11. Waktu yang salah

17.5K 1.7K 23
                                    

•••

Dari semenjak kejadian waktu itu, Gus Athar selalu menghindar bila aku mendekatinya. Sangat tidak menyangka sekali ternyata dia sudah mencintaiku begitu dalam, aish! Senangnya dalam hati...

Lihat saja, di hari terakhir aku mengajaknya untuk pergi ke kebun teh milik keluarga Vito aku dengan paksaan entah sudah berapa kalinya akhirnya Gus Athar mengalah. Segala bujukan ku akhirnya tidak sia-sia karena melihat pemandangan super indah ciptaan sang pencipta.

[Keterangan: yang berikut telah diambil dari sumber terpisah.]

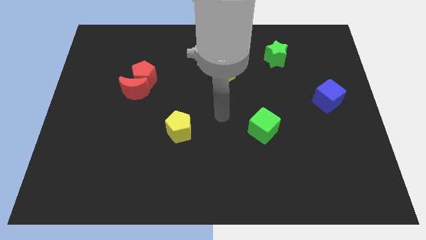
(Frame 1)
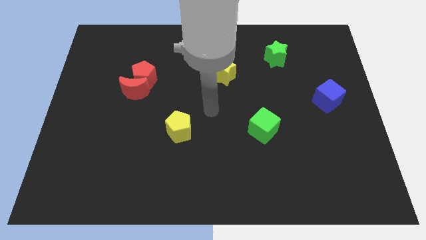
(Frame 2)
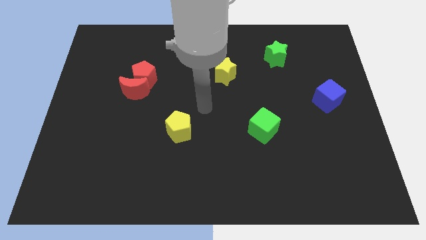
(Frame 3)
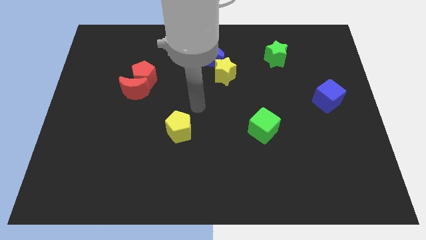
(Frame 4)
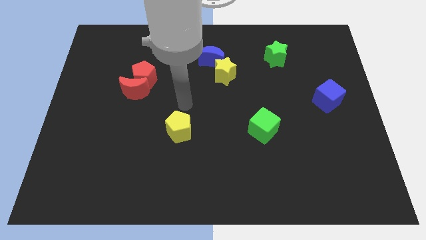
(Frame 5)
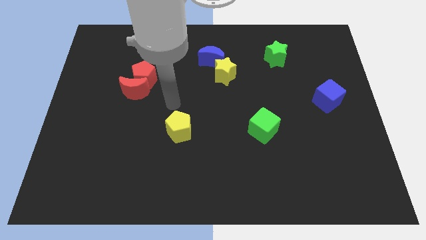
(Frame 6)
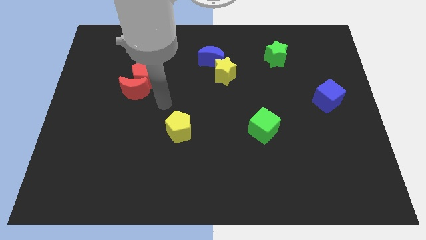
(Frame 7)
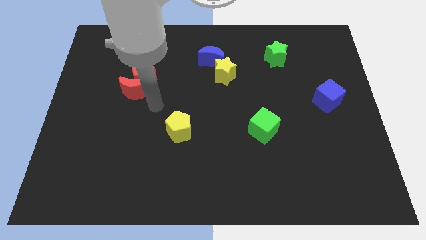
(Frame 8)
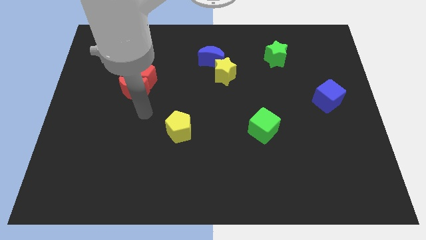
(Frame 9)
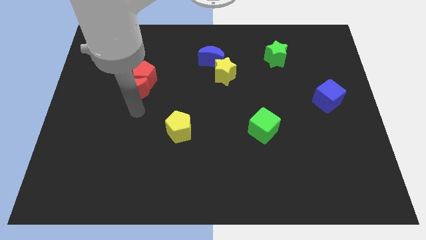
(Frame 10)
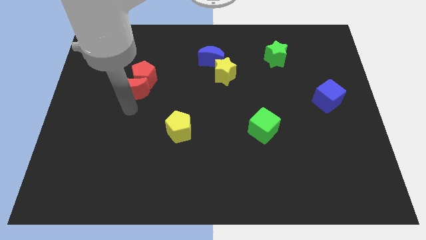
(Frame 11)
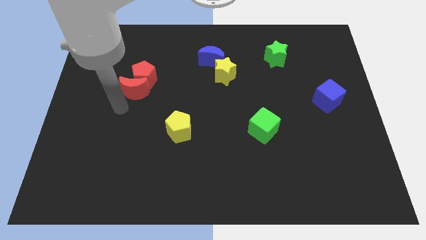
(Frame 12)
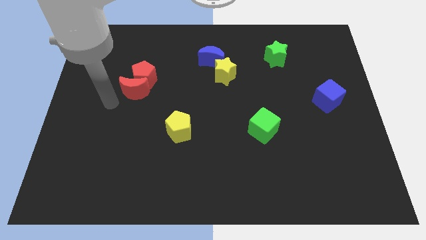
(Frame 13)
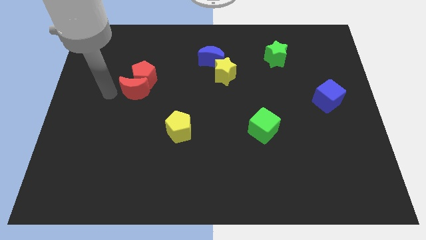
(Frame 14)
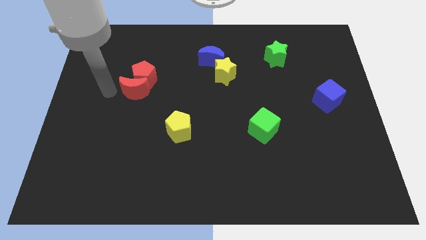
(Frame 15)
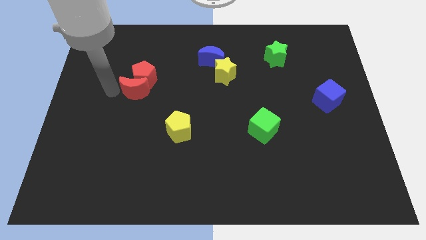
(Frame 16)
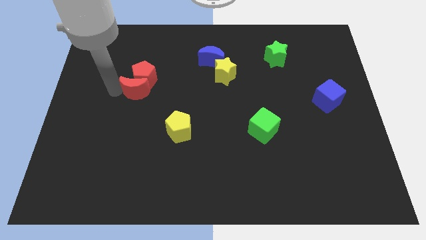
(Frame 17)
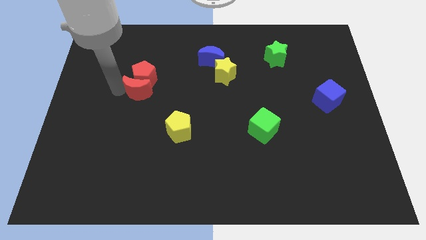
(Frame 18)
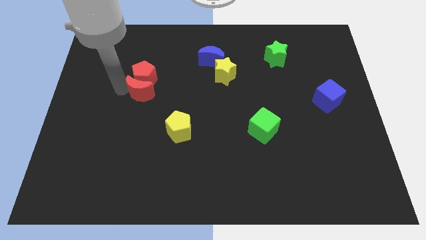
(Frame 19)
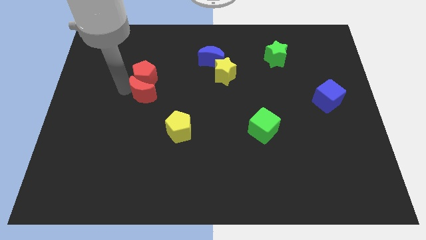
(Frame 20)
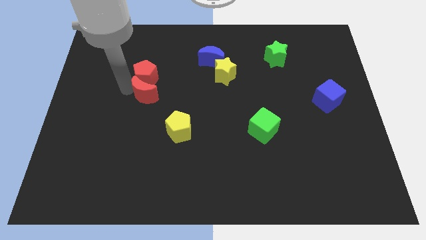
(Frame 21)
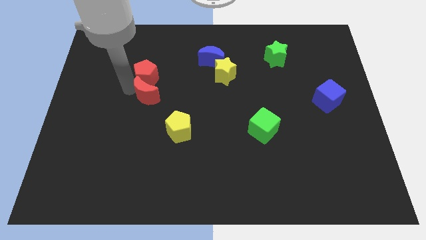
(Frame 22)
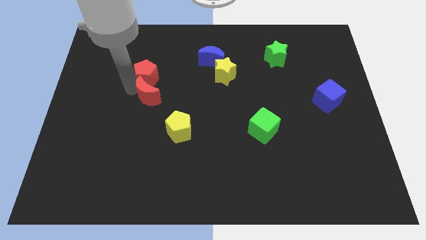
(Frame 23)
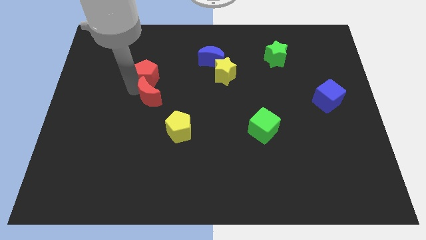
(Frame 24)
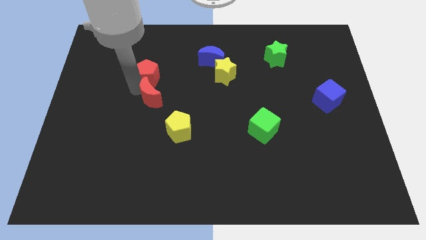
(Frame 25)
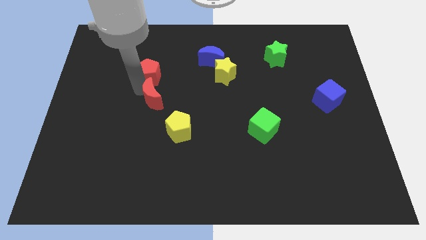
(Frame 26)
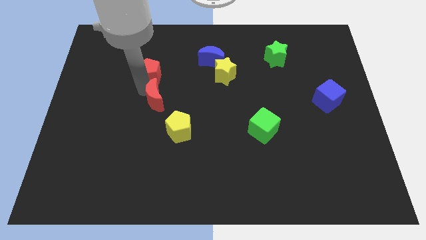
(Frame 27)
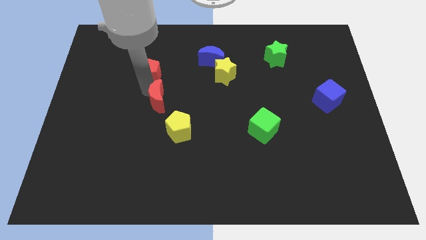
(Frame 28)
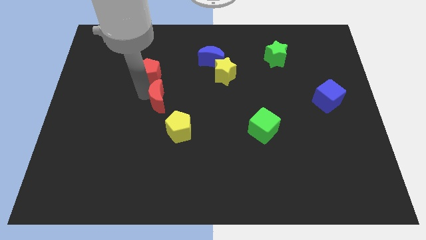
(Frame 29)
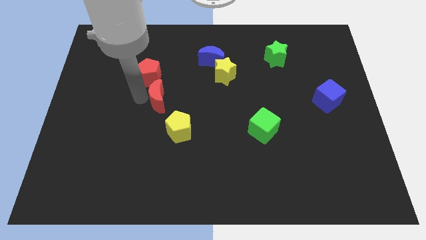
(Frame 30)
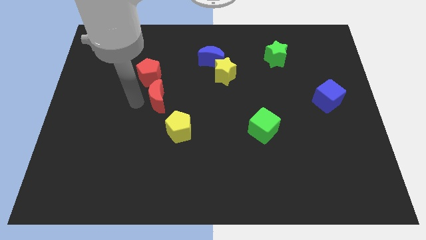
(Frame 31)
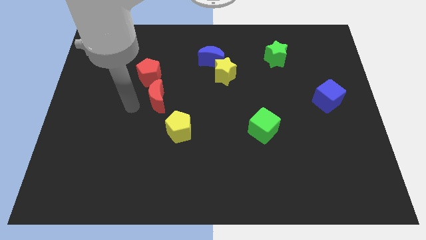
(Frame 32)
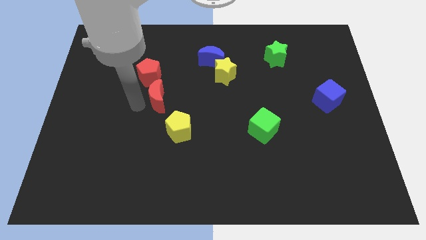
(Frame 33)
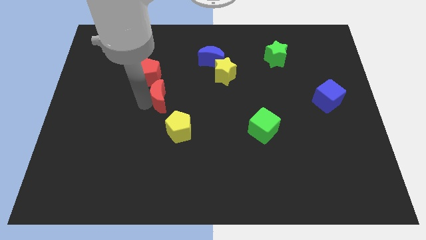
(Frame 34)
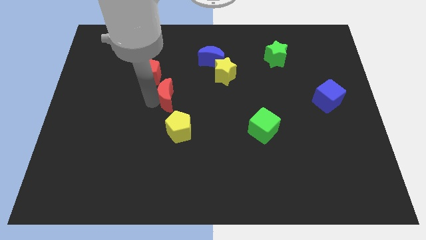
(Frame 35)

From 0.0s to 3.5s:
slightly slide the red moon right

Aku, suamiku, Vito, dan satu anak perempuan yang umurnya masih 4 tahun itu merupakan adik kandung Vito. Namanya Jihan, pipinya begitu gemoy dengan bulu mata panjang nan lentik. Aku pun meminta Vito agar Jihan untuk aku gendong.

"Jihan udah bisa ngomong 'R' ?" tanyaku mendapat gelengan lesu darinya.

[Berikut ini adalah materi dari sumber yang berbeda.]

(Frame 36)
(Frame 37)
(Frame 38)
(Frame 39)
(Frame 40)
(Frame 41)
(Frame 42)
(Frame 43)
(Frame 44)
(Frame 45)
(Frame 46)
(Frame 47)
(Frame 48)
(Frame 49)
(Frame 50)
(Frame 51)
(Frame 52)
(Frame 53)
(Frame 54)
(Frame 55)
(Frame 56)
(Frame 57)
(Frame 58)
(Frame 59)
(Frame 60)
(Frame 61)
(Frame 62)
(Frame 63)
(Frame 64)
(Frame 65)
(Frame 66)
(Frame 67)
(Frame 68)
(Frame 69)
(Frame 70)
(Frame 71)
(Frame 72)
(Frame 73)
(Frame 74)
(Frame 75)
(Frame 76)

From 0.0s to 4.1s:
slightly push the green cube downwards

"Belum. Huluf 'L'  itu susah banget, Aunty,"  cemberut nya dan benar belum bisa.

Dengan tangan ku yang jail aku mencubit pipinya hingga Jihan menatapku musuh. Kakinya menghentak-hentakkan dalam gendonganku. Di tambah lagi wajah menahan tangis bocah 4 tahun sangat khas dalam pandangan ku.

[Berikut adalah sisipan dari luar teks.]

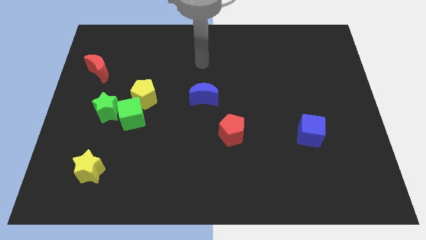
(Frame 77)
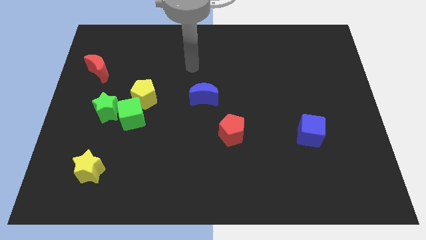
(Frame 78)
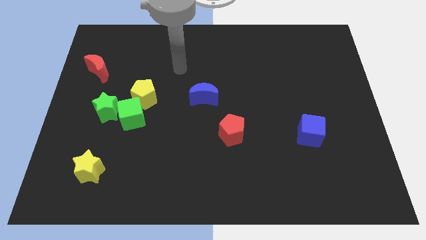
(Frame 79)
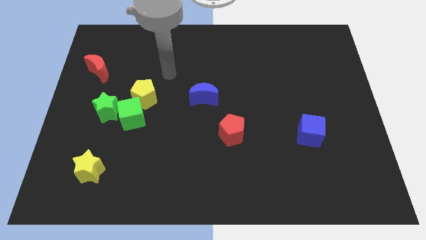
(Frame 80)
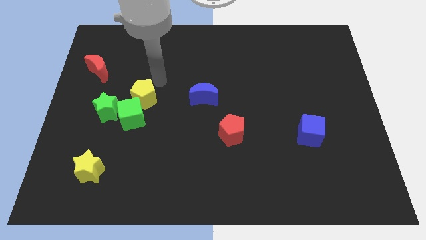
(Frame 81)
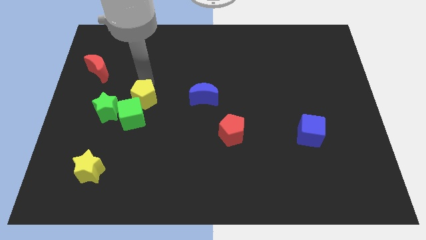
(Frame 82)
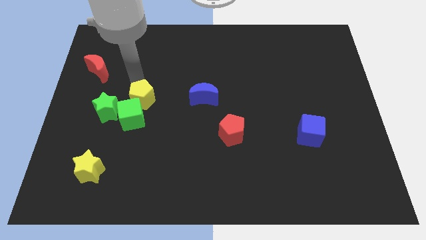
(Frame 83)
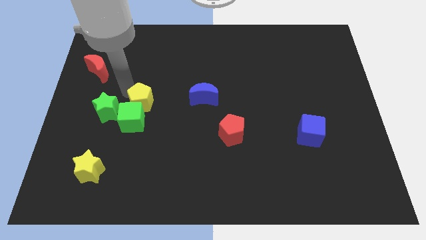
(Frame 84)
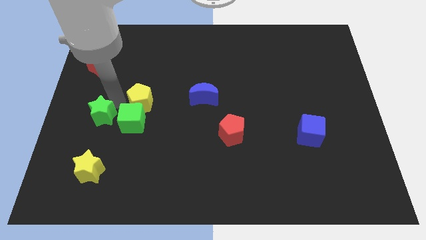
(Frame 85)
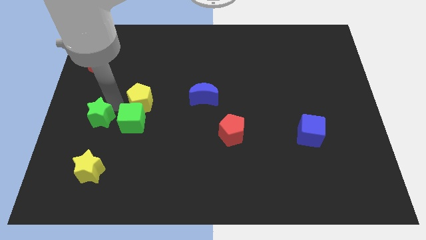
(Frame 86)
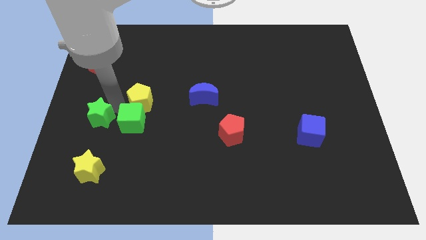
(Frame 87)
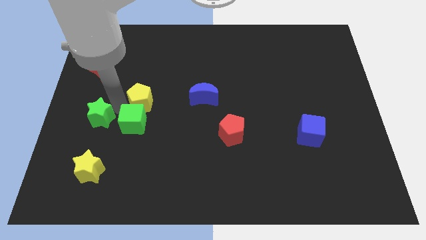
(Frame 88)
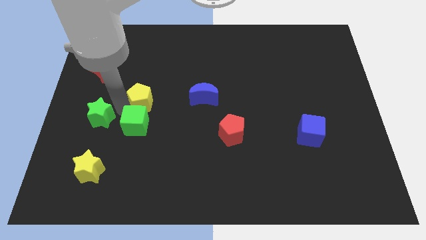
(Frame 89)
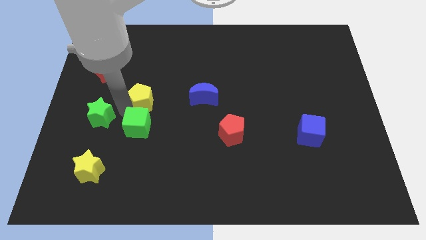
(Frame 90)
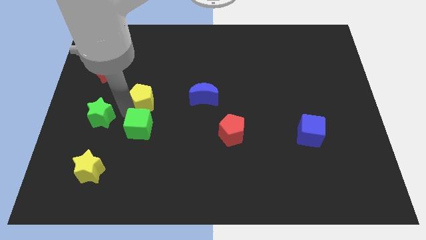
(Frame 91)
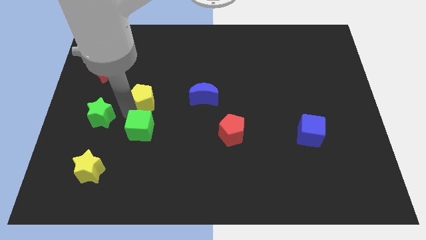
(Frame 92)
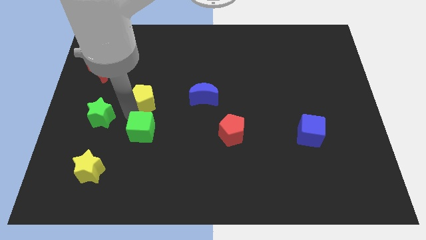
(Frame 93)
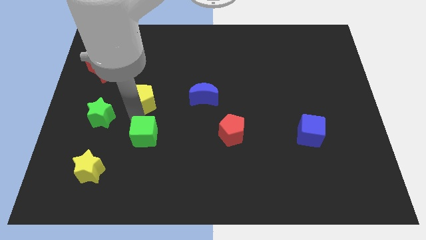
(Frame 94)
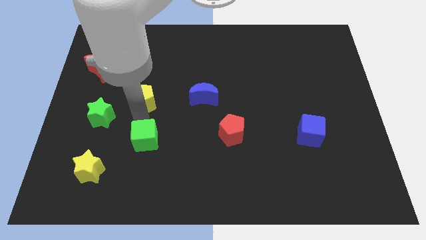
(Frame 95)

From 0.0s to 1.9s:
slide the green cube somewhat downwards and then right

"Tulunin Jihan! Aunty kila pipi aku loti apa?!" kesalnya dengan tangan yang kecil itu ingin menggapai tubuh suamiku.

Aku berpura-pura sedih. "Tapi memang kaya roti," ledekku memeletkan lidah ketika Jihan sudah ada di gendongan sugus.

"Huwaaa, Jihan itu manusia bukan makanan!" tangis Jihan akhirnya keluar.

Uluh uluh, aku bukannya membuat anak itu berhenti menangis tapi ingin dia lebih menangis kencang dari ini. Sebagai anak terkahir di keluarga, padahal aku selalu meminta bunda agar di berikan adik. Tapi bunda menolak, berbeda dengan ALM Ayah yang semangat ingin menuruti permintaan ku.

Kata bunda yang waktu itu melihat aku dengan selalu menjahili keponakanku, lalu bunda beralasan jika aku di berikan adik pasti akan menjadi bahan permainan ku. Bunda tidak tahu saja kalo aku memiliki sifat lembut juga penuh kasih sayang di dalam diriku yang masih tersembunyi. Dan kalian harus percaya!

Ketika merasa usapan halus di kepalanya, dia langsung saja menghentikan tangisannya. Jihan menatap Gus Athar dengan senyum malu-malu seperti kucing. "Uncle, kalo Jihan udah besal, mau ngga jadi pacal aku?"

"Aku bisa masak, bisa dandan, bisa tidul, bisa makan, ngga kaya Aunty itu yang bisanya bikin olang kesel," rayu nya seraya mengolok-olok diriku.

"Boleh," tanggap Gus Athar membuat darahku mendidih.

Apa-apaan ini?! Masa aku kalah dengan anak kecil sih, bocah itu merayu suamiku begitu mudah. Beda sekali dengan diriku jika aku sudah merayu, bukan respon seperti yang Jihan dapatkan tapi hanya tatapan datar darinya.

"...Tapi kalo istri Uncle setuju," ulasnya dengan menatap ke arahku.

Oh tidak, tatapan maut itu bisa saja aku lebih terpesona dengan ketampanannya yang tiada tara.

Bocah itu menatap curiga ke arahku. "Emang siapa istli Uncle? Jihan kalah stalt nih dali dia!" sungutnya tak terima.

"Anak kecil nggak boleh kepo," timpal ku meledek.

"Adik kamu aktif banget ya, Vito," alihku pada lelaki yang hanya melihat semua perdebatan dengan tangannya membawa kamera.

Vito berdehem tidak enak. "Emang udah dari sananya, keturunan Ibu saya lebih banyak nurun ke Jihan."

"Ih udah ah! Ngomong apa si kalian beldua, di sini panas tau. Ayo Uncle, kita cali es kelapa muda aja," ajak Jihan menunjukkan tangannya ke arah pintu keluar dari perkebunan teh.